Property values in Moscow rose by 40% in 2004. But as big business moves in, are ordinary Russians being forced to move out? Nina Karpukhina discovered that ownership meant absolutely nothing |
During the 1990s, millions of ordinary Russians became home-owners for the first time.
Reformers argued that private property would lead to personal freedom.
Perhaps it did... for a while.
But Property to Die For reveals the untold horror stories of today's Moscow property market; the effects of multi-million dollar development scams, corrupt officials and an increasingly fragile rule of law.
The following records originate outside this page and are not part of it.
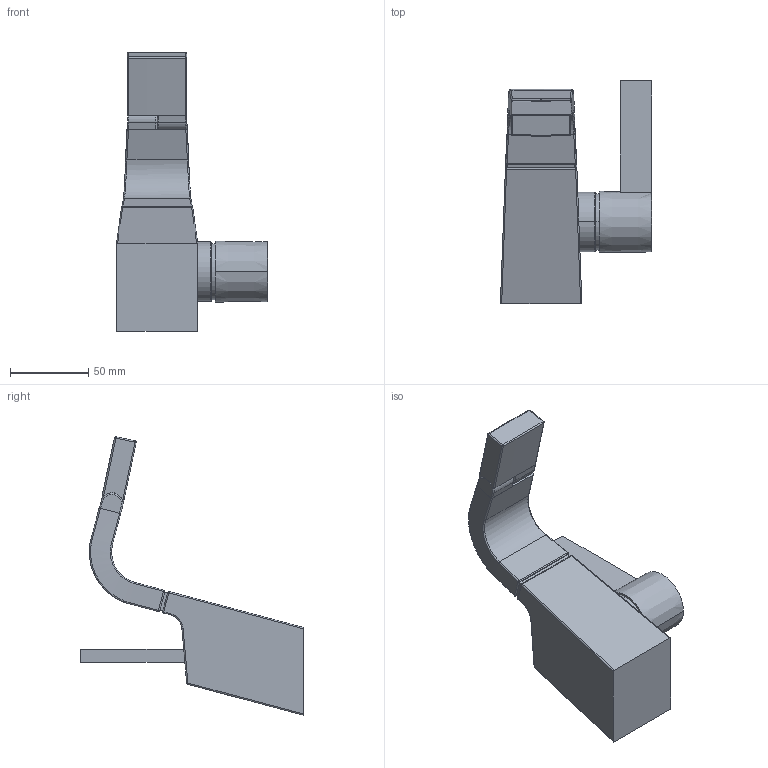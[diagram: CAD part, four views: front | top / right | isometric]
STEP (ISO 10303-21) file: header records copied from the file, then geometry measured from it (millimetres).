
FILE_DESCRIPTION (( 'STEP AP203' ), '1' );
FILE_NAME ('33600705-00.STEP', '2018-07-03T15:02:56', ( '' ), ( '' ), 'SwSTEP 2.0', 'SolidWorks 2017', '' );
FILE_SCHEMA (( 'CONFIG_CONTROL_DESIGN' ));
Length unit declared in the file: millimetre
Products named in the file (7): Planungsmodell_Hebel-+-09.20.87.004-01_-_K1; Planungsmodell_Haube-+-09.28.30.029.90-01_K1; Planungsmodell_Nippel-+-09.24.02.084.90-01_K1; Planungsmodell_Huelse-+-09.23.01.123.90-01_K1; Planungsmodell_Auslauf-+-09.11.70.004.90-01_091170004-00; Planungsmodell_Koerper-+-09.19.70.001.90-01_091970001-00; 33600705-00
Assembly tree (7 placements, depth 2):
  33600705-00
    Planungsmodell_Koerper-+-09.19.70.001.90-01_091970001-00
    Planungsmodell_Hebel-+-09.20.87.004-01_-_K1
    Planungsmodell_Haube-+-09.28.30.029.90-01_K1
    Planungsmodell_Nippel-+-09.24.02.084.90-01_K1  x2
    Planungsmodell_Huelse-+-09.23.01.123.90-01_K1
    Planungsmodell_Auslauf-+-09.11.70.004.90-01_091170004-00
Bounding box: 96.49 x 142.28 x 177.75 mm (x, y, z)
Volume: 359861 mm3; surface area: 57065.1 mm2
Topology: 5 solids, 7 shells, 182 faces, 414 edges, 242 vertices
Faces by surface type: cylinder 65, plane 53, torus 24, sphere 20, bspline 18, cone 2
Entity records: 5803 total; most frequent: CARTESIAN_POINT 1820, DIRECTION 714, ORIENTED_EDGE 658, EDGE_CURVE 329, AXIS2_PLACEMENT_3D 291, VERTEX_POINT 194, EDGE_LOOP 151, ADVANCED_FACE 149
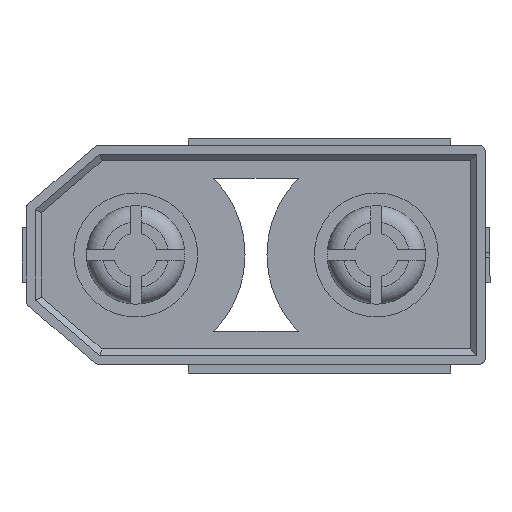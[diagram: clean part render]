
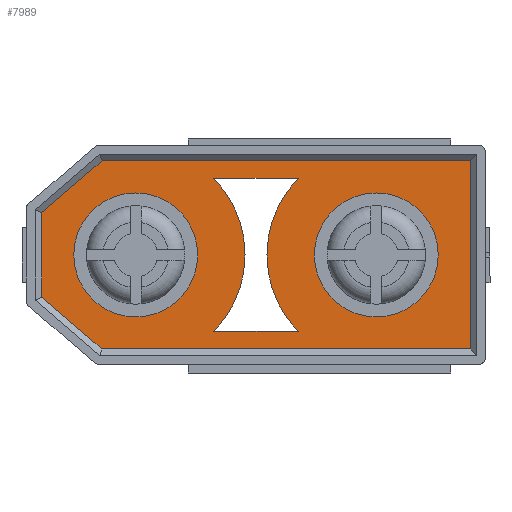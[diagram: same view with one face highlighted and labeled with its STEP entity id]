
A CAD part, front view. The second image highlights one B-rep face of the part: STEP entity #7989.
In plain terms, the highlighted face is planar.
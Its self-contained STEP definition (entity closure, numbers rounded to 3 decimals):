
#74 = LINE ( 'NONE', #2980, #4651 ) ;
#191 = CARTESIAN_POINT ( 'NONE',  ( 22.429, 6.9, -1.5 ) ) ;
#193 = CARTESIAN_POINT ( 'NONE',  ( 22.429, 6.9, -8.5 ) ) ;
#214 = DIRECTION ( 'NONE',  ( -1., 0., 0. ) ) ;
#240 = VERTEX_POINT ( 'NONE', #191 ) ;
#369 = CARTESIAN_POINT ( 'NONE',  ( 28.835, 6.9, -5. ) ) ;
#417 = VERTEX_POINT ( 'NONE', #658 ) ;
#544 = CARTESIAN_POINT ( 'NONE',  ( 10.7, 6.9, -3.071 ) ) ;
#658 = CARTESIAN_POINT ( 'NONE',  ( 30.3, 6.9, -0.7 ) ) ;
#727 = AXIS2_PLACEMENT_3D ( 'NONE', #2674, #1410, #5341 ) ;
#746 = EDGE_CURVE ( 'NONE', #3346, #3268, #5013, .T. ) ;
#857 = EDGE_CURVE ( 'NONE', #8025, #4754, #3112, .T. ) ;
#919 = EDGE_CURVE ( 'NONE', #3268, #3691, #74, .T. ) ;
#964 = CARTESIAN_POINT ( 'NONE',  ( 21.465, 6.9, -8.5 ) ) ;
#971 = VECTOR ( 'NONE', #8366, 1000. ) ;
#1172 = DIRECTION ( 'NONE',  ( 0., 0., -1. ) ) ;
#1184 = EDGE_CURVE ( 'NONE', #4669, #8025, #7091, .T. ) ;
#1207 = CARTESIAN_POINT ( 'NONE',  ( 15., 6.9, -5. ) ) ;
#1258 = ORIENTED_EDGE ( 'NONE', *, *, #1184, .T. ) ;
#1396 = CARTESIAN_POINT ( 'NONE',  ( 23.165, 6.9, -5. ) ) ;
#1410 = DIRECTION ( 'NONE',  ( 0., -1., 0. ) ) ;
#1417 = EDGE_CURVE ( 'NONE', #1430, #7564, #7780, .T. ) ;
#1430 = VERTEX_POINT ( 'NONE', #193 ) ;
#1616 = EDGE_CURVE ( 'NONE', #417, #6131, #8194, .T. ) ;
#1617 = CARTESIAN_POINT ( 'NONE',  ( 26., 6.9, -5. ) ) ;
#1666 = PLANE ( 'NONE',  #2524 ) ;
#1680 = DIRECTION ( 'NONE',  ( 0., -1., 0. ) ) ;
#1697 = CARTESIAN_POINT ( 'NONE',  ( 10.7, 6.9, -6.929 ) ) ;
#1780 = CARTESIAN_POINT ( 'NONE',  ( 15., 6.9, -5. ) ) ;
#1839 = CIRCLE ( 'NONE', #4907, 2.835 ) ;
#1872 = CARTESIAN_POINT ( 'NONE',  ( 12.165, 6.9, -5. ) ) ;
#1877 = DIRECTION ( 'NONE',  ( 1., 0., 0. ) ) ;
#1881 = ORIENTED_EDGE ( 'NONE', *, *, #2054, .F. ) ;
#1973 = DIRECTION ( 'NONE',  ( 1., 0., 0. ) ) ;
#2018 = VERTEX_POINT ( 'NONE', #4867 ) ;
#2054 = EDGE_CURVE ( 'NONE', #3691, #417, #2373, .T. ) ;
#2163 = EDGE_CURVE ( 'NONE', #6131, #2018, #5376, .T. ) ;
#2351 = ORIENTED_EDGE ( 'NONE', *, *, #2163, .F. ) ;
#2373 = LINE ( 'NONE', #5775, #971 ) ;
#2434 = LINE ( 'NONE', #4401, #2622 ) ;
#2436 = EDGE_CURVE ( 'NONE', #7892, #7336, #3226, .T. ) ;
#2524 = AXIS2_PLACEMENT_3D ( 'NONE', #6542, #3281, #5898 ) ;
#2529 = CARTESIAN_POINT ( 'NONE',  ( 13.459, 6.9, -9.3 ) ) ;
#2549 = ORIENTED_EDGE ( 'NONE', *, *, #7874, .T. ) ;
#2622 = VECTOR ( 'NONE', #7772, 1000. ) ;
#2658 = ORIENTED_EDGE ( 'NONE', *, *, #1616, .F. ) ;
#2674 = CARTESIAN_POINT ( 'NONE',  ( 15., 6.9, -5. ) ) ;
#2731 = DIRECTION ( 'NONE',  ( 1., 0., 0. ) ) ;
#2941 = AXIS2_PLACEMENT_3D ( 'NONE', #5744, #5095, #7076 ) ;
#2957 = VECTOR ( 'NONE', #5102, 1000. ) ;
#2972 = DIRECTION ( 'NONE',  ( 1., 0., 0. ) ) ;
#2980 = CARTESIAN_POINT ( 'NONE',  ( 30.3, 6.9, -9.3 ) ) ;
#3105 = VERTEX_POINT ( 'NONE', #5672 ) ;
#3112 = CIRCLE ( 'NONE', #4230, 5. ) ;
#3226 = CIRCLE ( 'NONE', #6285, 2.835 ) ;
#3268 = VERTEX_POINT ( 'NONE', #2529 ) ;
#3281 = DIRECTION ( 'NONE',  ( 0., -1., 0. ) ) ;
#3309 = CARTESIAN_POINT ( 'NONE',  ( 10.7, 6.9, -6.929 ) ) ;
#3345 = AXIS2_PLACEMENT_3D ( 'NONE', #3369, #6026, #1973 ) ;
#3346 = VERTEX_POINT ( 'NONE', #3309 ) ;
#3363 = CARTESIAN_POINT ( 'NONE',  ( 18.571, 6.9, -8.5 ) ) ;
#3369 = CARTESIAN_POINT ( 'NONE',  ( 15., 6.9, -5. ) ) ;
#3691 = VERTEX_POINT ( 'NONE', #5917 ) ;
#3912 = DIRECTION ( 'NONE',  ( 0., 1., 0. ) ) ;
#4052 = ORIENTED_EDGE ( 'NONE', *, *, #8250, .T. ) ;
#4147 = CARTESIAN_POINT ( 'NONE',  ( 13.459, 6.9, -0.7 ) ) ;
#4163 = EDGE_CURVE ( 'NONE', #5186, #3105, #4494, .T. ) ;
#4230 = AXIS2_PLACEMENT_3D ( 'NONE', #1207, #3912, #7124 ) ;
#4286 = DIRECTION ( 'NONE',  ( 0., 1., 0. ) ) ;
#4401 = CARTESIAN_POINT ( 'NONE',  ( 19.535, 6.9, -1.5 ) ) ;
#4424 = FACE_BOUND ( 'NONE', #6953, .T. ) ;
#4492 = CARTESIAN_POINT ( 'NONE',  ( 21., 6.9, -5. ) ) ;
#4494 = CIRCLE ( 'NONE', #727, 2.835 ) ;
#4585 = DIRECTION ( 'NONE',  ( 0., -1., 0. ) ) ;
#4597 = DIRECTION ( 'NONE',  ( -0.758, 0., -0.652 ) ) ;
#4651 = VECTOR ( 'NONE', #2731, 1000. ) ;
#4669 = VERTEX_POINT ( 'NONE', #5118 ) ;
#4754 = VERTEX_POINT ( 'NONE', #3363 ) ;
#4805 = ORIENTED_EDGE ( 'NONE', *, *, #2436, .T. ) ;
#4836 = EDGE_LOOP ( 'NONE', ( #7009, #5595, #2351, #2658, #1881, #4982 ) ) ;
#4867 = CARTESIAN_POINT ( 'NONE',  ( 10.7, 6.9, -3.071 ) ) ;
#4907 = AXIS2_PLACEMENT_3D ( 'NONE', #6404, #4585, #1877 ) ;
#4953 = ORIENTED_EDGE ( 'NONE', *, *, #5393, .T. ) ;
#4982 = ORIENTED_EDGE ( 'NONE', *, *, #919, .F. ) ;
#4994 = EDGE_CURVE ( 'NONE', #2018, #3346, #6960, .T. ) ;
#5013 = LINE ( 'NONE', #7645, #2957 ) ;
#5095 = DIRECTION ( 'NONE',  ( 0., 1., 0. ) ) ;
#5102 = DIRECTION ( 'NONE',  ( 0.758, 0., -0.652 ) ) ;
#5118 = CARTESIAN_POINT ( 'NONE',  ( 18.571, 6.9, -1.5 ) ) ;
#5186 = VERTEX_POINT ( 'NONE', #1872 ) ;
#5341 = DIRECTION ( 'NONE',  ( 1., 0., 0. ) ) ;
#5376 = LINE ( 'NONE', #544, #5413 ) ;
#5393 = EDGE_CURVE ( 'NONE', #240, #4669, #2434, .T. ) ;
#5413 = VECTOR ( 'NONE', #4597, 1000. ) ;
#5442 = CARTESIAN_POINT ( 'NONE',  ( 13.459, 6.9, -0.7 ) ) ;
#5506 = CARTESIAN_POINT ( 'NONE',  ( 26., 6.9, -5. ) ) ;
#5514 = AXIS2_PLACEMENT_3D ( 'NONE', #1780, #7169, #6612 ) ;
#5544 = VECTOR ( 'NONE', #1172, 1000. ) ;
#5546 = LINE ( 'NONE', #964, #6147 ) ;
#5573 = AXIS2_PLACEMENT_3D ( 'NONE', #5506, #4286, #2972 ) ;
#5595 = ORIENTED_EDGE ( 'NONE', *, *, #4994, .F. ) ;
#5640 = EDGE_LOOP ( 'NONE', ( #6158, #6485 ) ) ;
#5672 = CARTESIAN_POINT ( 'NONE',  ( 17.835, 6.9, -5. ) ) ;
#5744 = CARTESIAN_POINT ( 'NONE',  ( 26., 6.9, -5. ) ) ;
#5775 = CARTESIAN_POINT ( 'NONE',  ( 30.3, 6.9, -0.7 ) ) ;
#5898 = DIRECTION ( 'NONE',  ( 0., 0., -1. ) ) ;
#5917 = CARTESIAN_POINT ( 'NONE',  ( 30.3, 6.9, -9.3 ) ) ;
#5939 = ORIENTED_EDGE ( 'NONE', *, *, #8495, .T. ) ;
#6026 = DIRECTION ( 'NONE',  ( 0., 1., 0. ) ) ;
#6131 = VERTEX_POINT ( 'NONE', #4147 ) ;
#6147 = VECTOR ( 'NONE', #6922, 1000. ) ;
#6158 = ORIENTED_EDGE ( 'NONE', *, *, #7518, .T. ) ;
#6208 = FACE_OUTER_BOUND ( 'NONE', #4836, .T. ) ;
#6285 = AXIS2_PLACEMENT_3D ( 'NONE', #1617, #1680, #6515 ) ;
#6404 = CARTESIAN_POINT ( 'NONE',  ( 26., 6.9, -5. ) ) ;
#6485 = ORIENTED_EDGE ( 'NONE', *, *, #4163, .T. ) ;
#6515 = DIRECTION ( 'NONE',  ( 1., 0., 0. ) ) ;
#6542 = CARTESIAN_POINT ( 'NONE',  ( 20.5, 6.9, -5. ) ) ;
#6612 = DIRECTION ( 'NONE',  ( 1., 0., 0. ) ) ;
#6690 = CIRCLE ( 'NONE', #2941, 5. ) ;
#6720 = VECTOR ( 'NONE', #214, 1000. ) ;
#6922 = DIRECTION ( 'NONE',  ( 1., 0., 0. ) ) ;
#6953 = EDGE_LOOP ( 'NONE', ( #6992, #2549, #4953, #1258, #7822, #4052 ) ) ;
#6960 = LINE ( 'NONE', #1697, #5544 ) ;
#6992 = ORIENTED_EDGE ( 'NONE', *, *, #1417, .T. ) ;
#7009 = ORIENTED_EDGE ( 'NONE', *, *, #746, .F. ) ;
#7059 = FACE_BOUND ( 'NONE', #7116, .T. ) ;
#7076 = DIRECTION ( 'NONE',  ( 1., 0., 0. ) ) ;
#7091 = CIRCLE ( 'NONE', #3345, 5. ) ;
#7116 = EDGE_LOOP ( 'NONE', ( #4805, #5939 ) ) ;
#7124 = DIRECTION ( 'NONE',  ( 1., 0., 0. ) ) ;
#7145 = CARTESIAN_POINT ( 'NONE',  ( 20., 6.9, -5. ) ) ;
#7169 = DIRECTION ( 'NONE',  ( 0., -1., 0. ) ) ;
#7336 = VERTEX_POINT ( 'NONE', #1396 ) ;
#7518 = EDGE_CURVE ( 'NONE', #3105, #5186, #8000, .T. ) ;
#7564 = VERTEX_POINT ( 'NONE', #4492 ) ;
#7626 = FACE_BOUND ( 'NONE', #5640, .T. ) ;
#7645 = CARTESIAN_POINT ( 'NONE',  ( 13.459, 6.9, -9.3 ) ) ;
#7772 = DIRECTION ( 'NONE',  ( -1., 0., 0. ) ) ;
#7780 = CIRCLE ( 'NONE', #5573, 5. ) ;
#7822 = ORIENTED_EDGE ( 'NONE', *, *, #857, .T. ) ;
#7874 = EDGE_CURVE ( 'NONE', #7564, #240, #6690, .T. ) ;
#7892 = VERTEX_POINT ( 'NONE', #369 ) ;
#7989 = ADVANCED_FACE ( 'NONE', ( #4424, #7626, #7059, #6208 ), #1666, .F. ) ;
#8000 = CIRCLE ( 'NONE', #5514, 2.835 ) ;
#8025 = VERTEX_POINT ( 'NONE', #7145 ) ;
#8194 = LINE ( 'NONE', #5442, #6720 ) ;
#8250 = EDGE_CURVE ( 'NONE', #4754, #1430, #5546, .T. ) ;
#8366 = DIRECTION ( 'NONE',  ( 0., 0., 1. ) ) ;
#8495 = EDGE_CURVE ( 'NONE', #7336, #7892, #1839, .T. ) ;

Nina Karpukhina tells the This World team: "We were all at work when we were told that our house was being demolished... We came back and instead of our house, there was flat ground."
Nina was one of several home-owners living in a traditional Moscow suburb. The local authority knocked down their houses to build high-rise blocks of flats, making millions for developers and bureaucrats.
Looming threat
Private ownership in Russia is an unfamiliar concept and people do not fully understand it.
State property has been privatised in a series of contradictory laws, leaving new owners dangerously exposed.
Emilia and her mother Rozalia have run their own popular restaurant since 1988 and managed to buy the property in 2002.
Now they live in fear of losing everything.
The two women are fighting a threatened takeover by a neighbouring property developer and their official paperwork is proving useless.
"The fact that we bought this restaurant, paid money for it and have all the necessary papers, doesn't work anymore," says Emilia.
"Now I understand it was just an illusion."
Property To Die For was broadcast on Tuesday, 19 July, 2005 at 2100 BST on BBC Two.